The primary aim of this study was to calculate extrapolation factors at various specific species and generic levels using a new harmonization of effect concentration indicators. Deriving extrapolation factors for individual chemical subgroups is a natural next step to enhance the accuracy of these factors. However, to avoid erroneous assignments, the precise definition of such subgroups based on chemical structure, known modes of action, or uses requires careful consideration. For example, in the PFAS grouping used in this study, a total of 202 chemicals were found in the freshwater ecosystem with available data. The R2 values were low due to the high diversity within the group, indicating that further classification into different PFAS subgroups may be necessary to increase coherence and improve R2 values.

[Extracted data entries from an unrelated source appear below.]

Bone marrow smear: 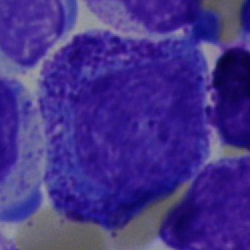 Impression — promyelocyte.
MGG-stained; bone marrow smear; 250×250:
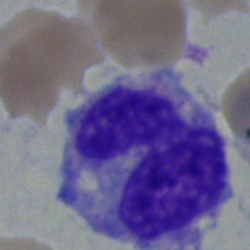Q: What is the morphological classification of this cell?
A: This is a monocyte.
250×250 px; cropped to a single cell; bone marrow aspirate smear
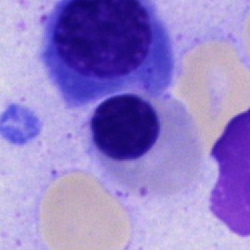
Nucleated red cell.
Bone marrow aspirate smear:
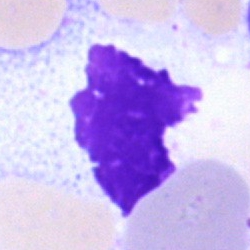 Specimen: bone marrow aspirate smear.
Cell: artifact.
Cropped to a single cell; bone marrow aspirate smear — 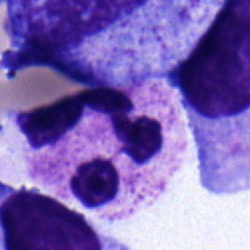Impression — polymorphonuclear neutrophil.
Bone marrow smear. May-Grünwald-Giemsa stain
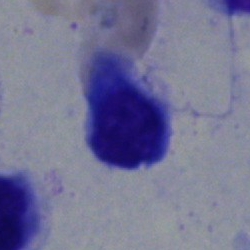
Specimen: bone marrow aspirate smear.
Morphological class: nucleated red cell.
Lineage: erythroid.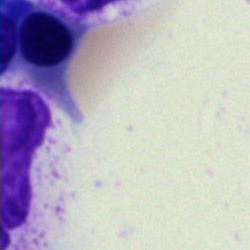

Artifact.
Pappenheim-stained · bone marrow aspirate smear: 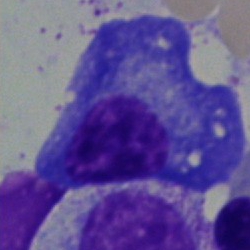

Morphological class = plasmacyte.
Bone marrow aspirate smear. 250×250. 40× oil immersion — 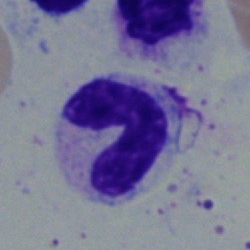
Specimen: bone marrow smear.
Cell type: band neutrophil.
Lineage: myeloid.
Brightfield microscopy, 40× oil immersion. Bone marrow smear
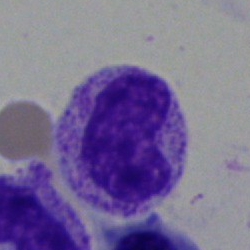 A metamyelocyte.
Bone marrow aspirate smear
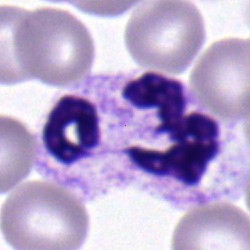
Classification = neutrophil (segmented).
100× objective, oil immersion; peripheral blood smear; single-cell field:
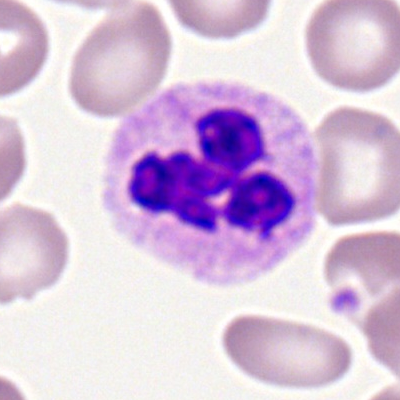

Specimen: peripheral blood smear.
Cell: neutrophil (segmented).
Lineage: myeloid.
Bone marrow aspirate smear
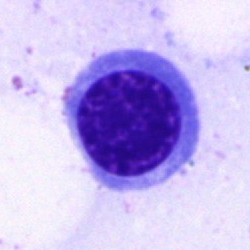

Single cell identified as an erythroblast.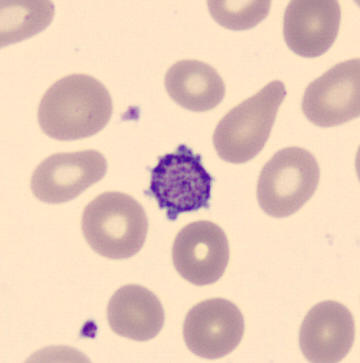
Acquisition: Peripheral blood film.

Cell type = platelet (thrombocyte).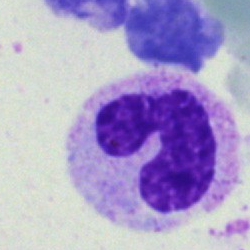Bone marrow aspirate smear, single cell — neutrophil (band).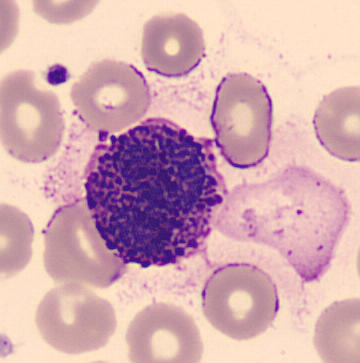
Identified as a basophil. MGG stain; CellaVision DM96; peripheral blood film.
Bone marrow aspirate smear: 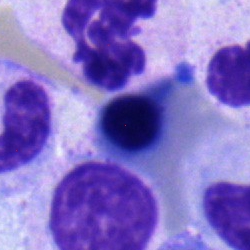 Morphology consistent with a nucleated red blood cell.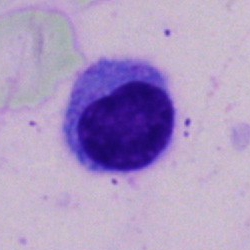Classification = typical lymphocyte.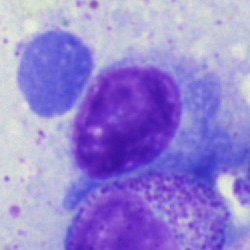 Impression → plasmacyte.
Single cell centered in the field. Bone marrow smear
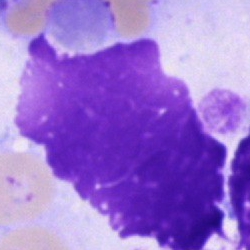
Specimen: bone marrow smear.
Classification: artefact.
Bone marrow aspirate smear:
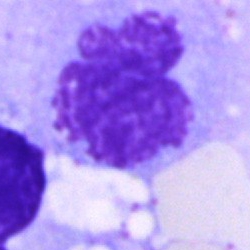

Morphological class — artefact.
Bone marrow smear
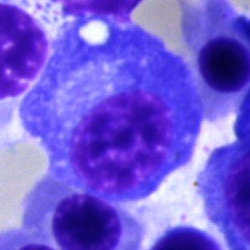

Single cell identified as a plasmacyte.
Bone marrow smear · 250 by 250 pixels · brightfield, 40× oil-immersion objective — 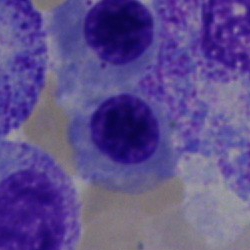 Cell type = nucleated red blood cell.
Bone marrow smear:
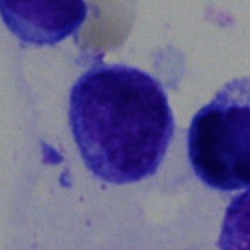The morphological class is typical lymphocyte.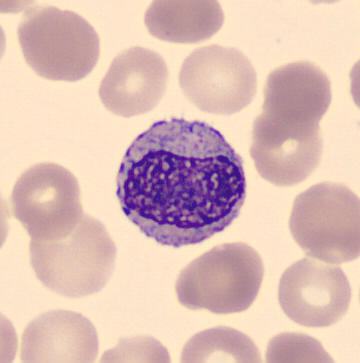The cell is myelocyte.
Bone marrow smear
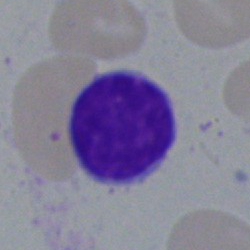Impression → lymphocyte.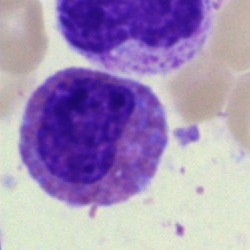
Impression — eosinophil.
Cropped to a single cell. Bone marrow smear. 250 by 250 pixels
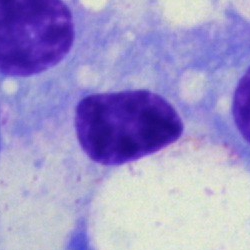
{"cell_type": "artefact"}
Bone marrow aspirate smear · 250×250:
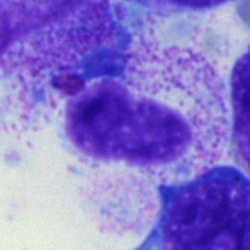

A metamyelocyte.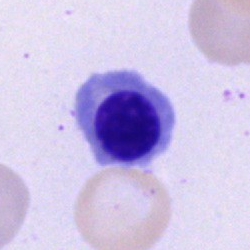

Cell type: normoblast.
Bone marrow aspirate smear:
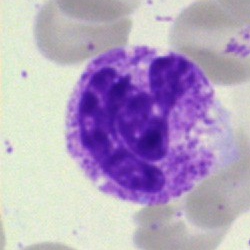

Classification — polymorphonuclear neutrophil.
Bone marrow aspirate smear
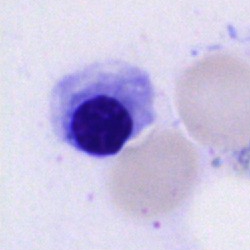This is a normoblast.
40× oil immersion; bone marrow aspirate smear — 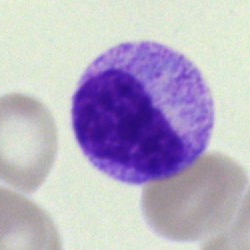

A myelocyte.
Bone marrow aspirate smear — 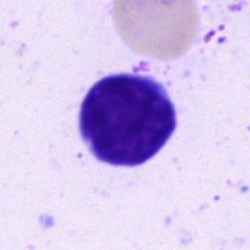Single cell identified as a typical lymphocyte.

Although this is beyond the scope of this study, we attempted to provide generic extrapolation factors for different chemical groups utilizing chemical groups based on the EPA DSSTox Tree. In total, generic extrapolation factors were calculated for 15 chemical groups as detailed in the supplementary information in Table G3. Due to limitations in the number of datapoints per group, species-specific extrapolation factors were not calculated, but generic factors were provided. The default extrapolation factors for different chemical groups to EC50eq chronic are within the range of 0.77 to 2.56 from EC10eq acute, 2.71 to 7.69 from EC10eq chronic, and 0.21 to 0.59 from EC50eq acute, with median values of 0.99, 3.48, and 0.42, respectively. These correspond to values of 0.99, 3.51, and 0.45 calculated for all organic chemicals in the freshwater ecosystem in this study. For extrapolation to EC10eq chronic, the factors range from 0.24 to 0.41 from EC10eq acute, 0.05 to 0.15 from EC50eq acute, and 0.13 to 0.37 from EC50eq chronic, with median values of 0.30, 0.11, and 0.29. These correspond to values of 0.29, 0.13, and 0.29 calculated for all organic chemicals in the freshwater ecosystem in this study. This indicates that future refinements in extrapolation factors for different chemical groups will not primarily result from the addition of new data, but also from a more detailed examination of already available data.

4 Conclusions

This paper presents three steps forward in relation to previous work: it uses a more extensive database of experimental ecotoxicity data than its predecessors accounted for 339,729 datapoints across 10,668 chemicals, it uses a modified curation process compared with them, and it delivers extrapolation factors converting various effect concentration indicators to EC10eq chronic that is recommended for calculating USEtox EFs. This research calculated 3 generic and 24 species group-specific extrapolation factors, tailored to various effect concentration indicators and exposure durations, facilitating the conversion of effect concentration indicator groups (EC10eq and EC50eq) to a chronic EC10eq. This, in turn, will enable ecotoxicity characterization factor calculations in USEtox. It is to be expected that more data will be available for calculations like ours in the future as toxicological testing and digitalization proceed. However, it is unlikely that large differences will occur as each individual new datapoint will have less and less impact on the end results. Thus, either looking specifically at now understudied groups or generating specifically more EC10eq chronic data should be prioritized.